Since the end the First World War, offshore financial centres such as Jersey, Guernsey, Switzerland, Liechtenstein, the Bahamas and the British Virgin Islands have been at the forefront of huge growth in offshore tax planning by both wealthy individuals and international companies.
According to Jason Porter, director of specialist expatriate tax planning firm Blevins Franks and co-author of the book Retiring to Europe, perhaps the two most important developments in the field have been the computerisation of the banking and finance industry, and the communications revolution. Innovation in these two areas has enabled legal and tax professions to market a raft of offshore template tax solutions to the ‘mass wealthy’ across the world.
The recent ‘Paradise Papers’ revelations, concerning celebrities’ offshore ploys to minimise the tax they pay, have highlighted just how effectively those ‘solutions’ can reduce tax for the people and businesses in a position to take full advantage of them. However, the revelations also raise a general and thorny question for taxpayers about what constitutes tax avoidance and when it tips over into tax evasion.
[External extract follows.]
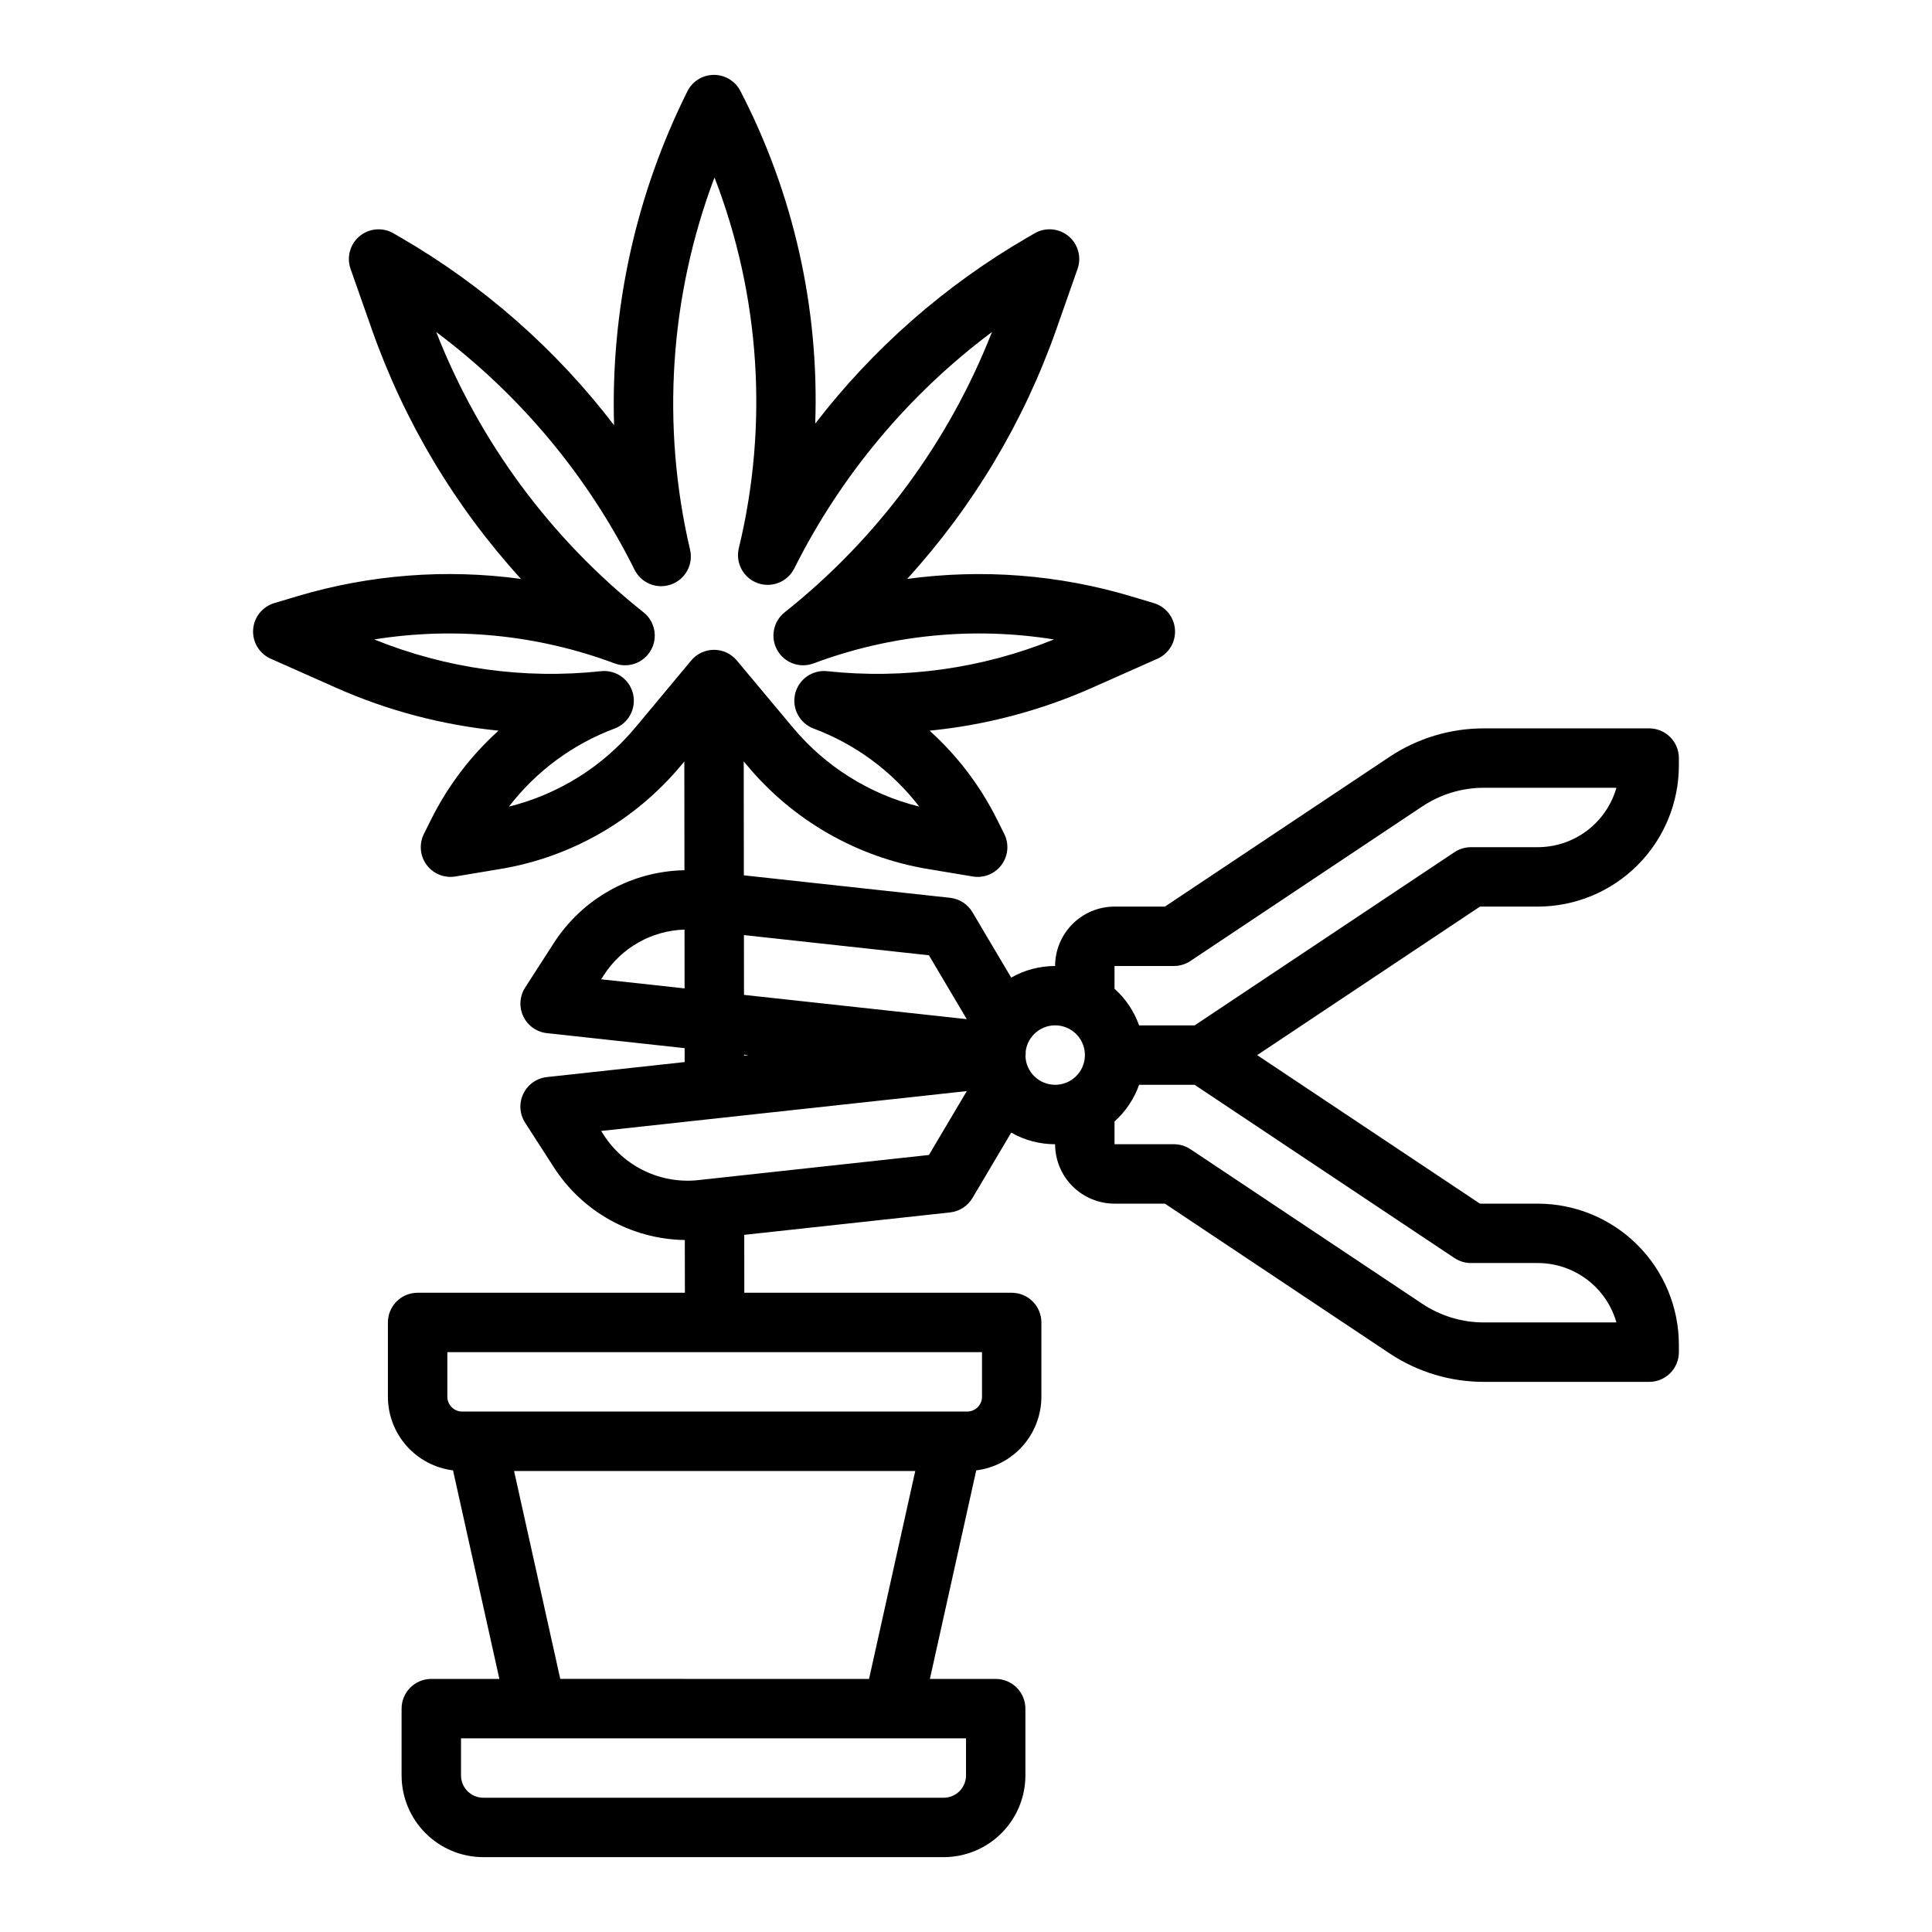 <?xml version="1.0" encoding="UTF-8"?>
<!-- Uploaded to: ICON Repo, www.svgrepo.com, Generator: ICON Repo Mixer Tools -->
<svg fill="#000000" width="800px" height="800px" version="1.1" viewBox="144 144 512 512" xmlns="http://www.w3.org/2000/svg">
 <path d="m222.8 302-6.121 1.832c-3.156 0.949-5.387 3.758-5.598 7.043-0.207 3.289 1.652 6.356 4.66 7.691l17.273 7.676h0.004c13.668 6.07 28.215 9.914 43.098 11.391-7.352 6.629-13.395 14.582-17.816 23.441l-1.957 3.918v-0.004c-1.324 2.648-1.051 5.816 0.707 8.199 1.762 2.383 4.707 3.574 7.629 3.09l11.949-1.992c18.723-3.125 35.703-12.863 47.859-27.445l0.867-1.043 0.031 28.82 0.004 0.004c-14.074 0.25-27.094 7.523-34.676 19.383l-7.543 11.703c-1.477 2.293-1.66 5.188-0.488 7.648 1.176 2.465 3.543 4.144 6.254 4.438l36.5 3.977v3.688l-36.508 3.977v0.004c-2.711 0.297-5.078 1.973-6.254 4.438-1.172 2.461-0.988 5.356 0.488 7.652l7.539 11.703v-0.004c7.606 11.895 20.668 19.176 34.781 19.387l0.023 13.977h-70.84 0.004c-4.348 0-7.871 3.523-7.871 7.871v19.684c0.004 4.797 1.762 9.426 4.941 13.02 3.18 3.594 7.559 5.902 12.32 6.496l12.281 55.266h-18.043c-4.348 0-7.871 3.527-7.871 7.875v17.711c0.008 5.738 2.289 11.242 6.348 15.301s9.562 6.34 15.301 6.348h122.02c5.738-0.008 11.242-2.289 15.301-6.348 4.059-4.059 6.34-9.562 6.348-15.301v-17.711c0-2.09-0.828-4.09-2.305-5.566s-3.481-2.309-5.566-2.309h-17.438l12.281-55.27v0.004c4.762-0.594 9.145-2.902 12.324-6.496 3.176-3.594 4.934-8.223 4.941-13.02v-19.684c0-2.086-0.828-4.09-2.305-5.566-1.477-1.473-3.477-2.305-5.566-2.305h-70.855l-0.02-15.344 54.555-5.945c2.465-0.27 4.656-1.68 5.922-3.812l10.273-17.336c3.543 2.019 7.551 3.082 11.629 3.078 0.008 4.176 1.668 8.176 4.617 11.129 2.953 2.949 6.953 4.609 11.129 4.617h13.359l59.445 39.629c7.434 4.965 16.172 7.609 25.109 7.602h43.781c2.09 0 4.09-0.828 5.566-2.305 1.477-1.477 2.305-3.481 2.305-5.566v-1.969c-0.012-9.914-3.953-19.418-10.965-26.43-7.008-7.008-16.512-10.953-26.426-10.961h-15.328l-59.039-39.359 59.039-39.359 15.328-0.004c9.914-0.012 19.418-3.953 26.426-10.965 7.012-7.008 10.953-16.512 10.965-26.426v-1.969c0-2.09-0.828-4.09-2.305-5.566-1.477-1.477-3.477-2.305-5.566-2.305h-43.781c-8.938-0.012-17.676 2.637-25.109 7.602l-59.445 39.629h-13.359c-4.176 0.004-8.176 1.664-11.129 4.617-2.949 2.953-4.609 6.953-4.617 11.129-4.078-0.004-8.09 1.055-11.633 3.074l-10.273-17.336v0.004c-1.262-2.133-3.453-3.547-5.918-3.816l-54.66-5.957-0.031-30.199 0.891 1.07h0.004c12.152 14.582 29.137 24.32 47.859 27.445l11.949 1.992c2.922 0.484 5.867-0.707 7.629-3.09 1.758-2.383 2.031-5.551 0.707-8.199l-1.957-3.914h-0.004c-4.422-8.859-10.465-16.809-17.82-23.441 14.883-1.473 29.43-5.32 43.098-11.387l17.273-7.676h0.004c3.008-1.336 4.867-4.406 4.656-7.691-0.207-3.289-2.441-6.098-5.594-7.043l-6.117-1.836c-19.211-5.727-39.418-7.285-59.277-4.574 17.508-19.203 30.969-41.734 39.574-66.254l5.598-15.926h-0.004c1.094-3.109 0.133-6.57-2.406-8.672-2.539-2.102-6.121-2.398-8.973-0.746l-1.918 1.113c-21.777 12.621-40.875 29.375-56.223 49.32 1.078-30.613-5.758-60.988-19.852-88.188-1.359-2.602-4.051-4.234-6.988-4.231h-0.066c-2.957 0.023-5.652 1.703-6.973 4.352-13.695 27.434-20.371 57.84-19.43 88.488-15.398-20.129-34.609-37.027-56.539-49.734l-1.918-1.113c-2.848-1.656-6.43-1.359-8.969 0.742s-3.5 5.562-2.41 8.672l5.602 15.922c8.605 24.52 22.062 47.051 39.57 66.25-19.859-2.711-40.066-1.148-59.273 4.578zm216.56 98h15.742c1.555 0 3.074-0.461 4.367-1.324l61.426-40.953h0.004c4.848-3.238 10.547-4.961 16.375-4.957h35.094c-1.293 4.531-4.023 8.52-7.781 11.359-3.758 2.84-8.34 4.379-13.051 4.387h-17.711c-1.555 0-3.074 0.461-4.367 1.32l-68.867 45.91h-14.715c-1.324-3.731-3.566-7.07-6.516-9.711zm0 41.199c2.949-2.644 5.191-5.981 6.516-9.711h14.715l68.863 45.91 0.004-0.004c1.293 0.863 2.812 1.324 4.367 1.324h17.711c4.711 0.004 9.293 1.547 13.051 4.387 3.758 2.84 6.488 6.828 7.781 11.355h-35.094c-5.828 0.008-11.527-1.719-16.375-4.957l-61.426-40.953-0.004 0.004c-1.293-0.863-2.812-1.324-4.367-1.324h-15.742zm-23.578-17.496v-0.004c0.039-0.367 0.051-0.738 0.035-1.109 0.547-4.191 4.305-7.207 8.516-6.832 4.211 0.379 7.375 4.012 7.168 8.234-0.207 4.223-3.707 7.527-7.938 7.492-4.227-0.035-7.672-3.398-7.809-7.625 0.008-0.055 0.02-0.105 0.027-0.16zm-112.47-20.18 0.641-0.992v-0.004c4.699-7.356 12.73-11.914 21.453-12.172l0.016 15.578zm96.691 201.15v9.84c-0.004 3.258-2.644 5.898-5.906 5.902h-122.02c-3.258-0.004-5.902-2.644-5.902-5.902v-9.84zm-119.77-70.848h106.32l-12.246 55.105-81.832-0.004zm124.01-31.488v11.809c0 1.043-0.414 2.043-1.152 2.781-0.738 0.738-1.742 1.152-2.785 1.152h-133.82c-2.172 0-3.934-1.762-3.934-3.934v-11.809zm-14.07-105.18 10.031 16.93-59.039-6.434-0.016-15.844zm-47.82 26.461-1.16 0.125v-0.254zm57.859 9.531-10.031 16.93-61.008 6.648-0.004 0.004c-4.906 0.551-9.867-0.281-14.324-2.406-4.457-2.125-8.23-5.457-10.891-9.617l-0.641-0.992zm-85.672-126.88c-24.543-19.48-43.496-45.105-54.934-74.277 22.199 16.602 40.203 38.176 52.559 62.996 1.781 3.574 5.961 5.246 9.719 3.887 3.758-1.355 5.902-5.312 4.988-9.203-7.676-32.793-5.422-67.133 6.477-98.645 12.102 31.336 14.352 65.621 6.441 98.27-0.926 3.887 1.207 7.852 4.961 9.219 3.754 1.371 7.938-0.289 9.734-3.863 12.352-24.676 30.293-46.133 52.391-62.66-11.438 29.172-30.391 54.801-54.934 74.277-3.031 2.414-3.859 6.672-1.949 10.043 1.91 3.371 5.988 4.852 9.613 3.492 20.328-7.602 42.281-9.789 63.707-6.348-19.031 7.711-39.676 10.602-60.094 8.414-3.941-0.426-7.582 2.148-8.5 6.008-0.914 3.856 1.18 7.793 4.891 9.188 11.082 4.144 20.785 11.312 28.004 20.691-13.125-3.254-24.867-10.605-33.523-20.992l-14.867-17.781h-0.004c-1.492-1.762-3.688-2.781-6-2.781h-0.031c-2.324 0.012-4.523 1.047-6.012 2.832l-14.773 17.73h-0.004c-8.656 10.387-20.402 17.738-33.527 20.992 7.219-9.379 16.918-16.547 28.004-20.691 3.707-1.395 5.805-5.332 4.887-9.188-0.914-3.859-4.555-6.434-8.496-6.008-20.418 2.188-41.062-0.703-60.098-8.414 21.43-3.438 43.379-1.25 63.707 6.348 3.629 1.359 7.707-0.121 9.617-3.492 1.91-3.371 1.082-7.629-1.949-10.043z"/>
</svg>

‘Essentially, the difference between tax avoidance and tax evasion is legality,’ says Porter. ‘Tax avoidance is legally exploiting the tax system to reduce your current or future tax liabilities. Tax evasion is using illegal means to the same end.’
Perhaps one of the main reasons there is now such a large and problematic grey area between the two routes to reducing tax liabilities is that similar tax structures, in jurisdictions that may also be very alike, are enforced with varying degrees of aggression to end up in different finishing positions on the avoidance-evasion scale.
As an example, Porter cites UK-resident but non-domiciled individuals who over the years have regularly used offshore trust and company structures legitimately to reduce their exposure to UK income tax, capital gains tax and inheritance tax. Yet the same structures also provide a significant degree of confidentiality to those seeking to disguise true ownership of an asset.
So what should UK citizens be doing, if they are worried about their offshore tax affairs and keen not to be caught out by the system?
Requirement to correct
First, be clear that there is nothing inherently questionable about offshore investments. Placing your money offshore is perfectly legal as long as you are not using your offshore bank account to conceal money from the tax authorities, the police or creditors.
Similarly, an investment fund you own may be based offshore, but as long as you declare income and gains from it on your tax return, that is not a problem.
You may be able to sidestep the need to declare your profits if you hold the fund in an Isa or a Sipp. Offshore funds authorised by the Financial Conduct Authority will qualify for Isa eligibility. Offshore funds can be held in a Sipp wrapper, but not all Sipp providers will accept them, so you’ll need to check with your provider.
However, if you have undeclared offshore assets, you should come forward and settle up without delay, as reporting standards are tightening. ‘Until now, HM Revenue and Customs has struggled to obtain information from offshore tax havens,’ says Mike Down, head of tax investigations at accountancy firm RSM.
‘But as transparent “common reporting standard” information starts to flow more freely between 100 jurisdictions worldwide, HMRC will begin to secure valuable evidence enabling it to robustly challenge those it believes are sidestepping their UK tax obligations.
‘Under the new “requirement to correct” (RTC) legislation, those with additional income tax, capital gains tax or inheritance tax to pay [on offshore holdings] have until 30 September 2018 to ensure their offshore tax position is fully compliant in the UK.’
The RTC is unlike HMRC’s previous disclosure facilities, in that no special terms are available to those coming forward. Tax-based monetary penalties apply in accordance with the current offshore penalty regime, and there is no guarantee of immunity from criminal investigation.
Those who don’t make a disclosure during the RTC period will risk significantly greater sanctions. As well as the threat of criminal investigation, they could face ‘failure to correct’ (FTC) penalties of up to 200 per cent of the underdeclared liability. Further asset based penalties of up to 10 per cent of the value of relevant offshore assets, and public naming and shaming, could also come their way.
Most situations will, of course, fall short of serious tax evasion, so once a tax shortfall has been identified, HMRC anticipates that taxpayers will register to use its online worldwide disclosure facility, which provides a relatively simple way to self-assess past offshore tax errors and settle up quickly.
‘Offshore tax issues range from something as simple as undeclared rents or bank interest to more complex foreign structures,’ says Down.
‘Given the potential FTC sanctions, taxpayers need to carefully review their offshore financial affairs prior to the expiry of the RTC window and, where necessary, seek specialist professional advice.’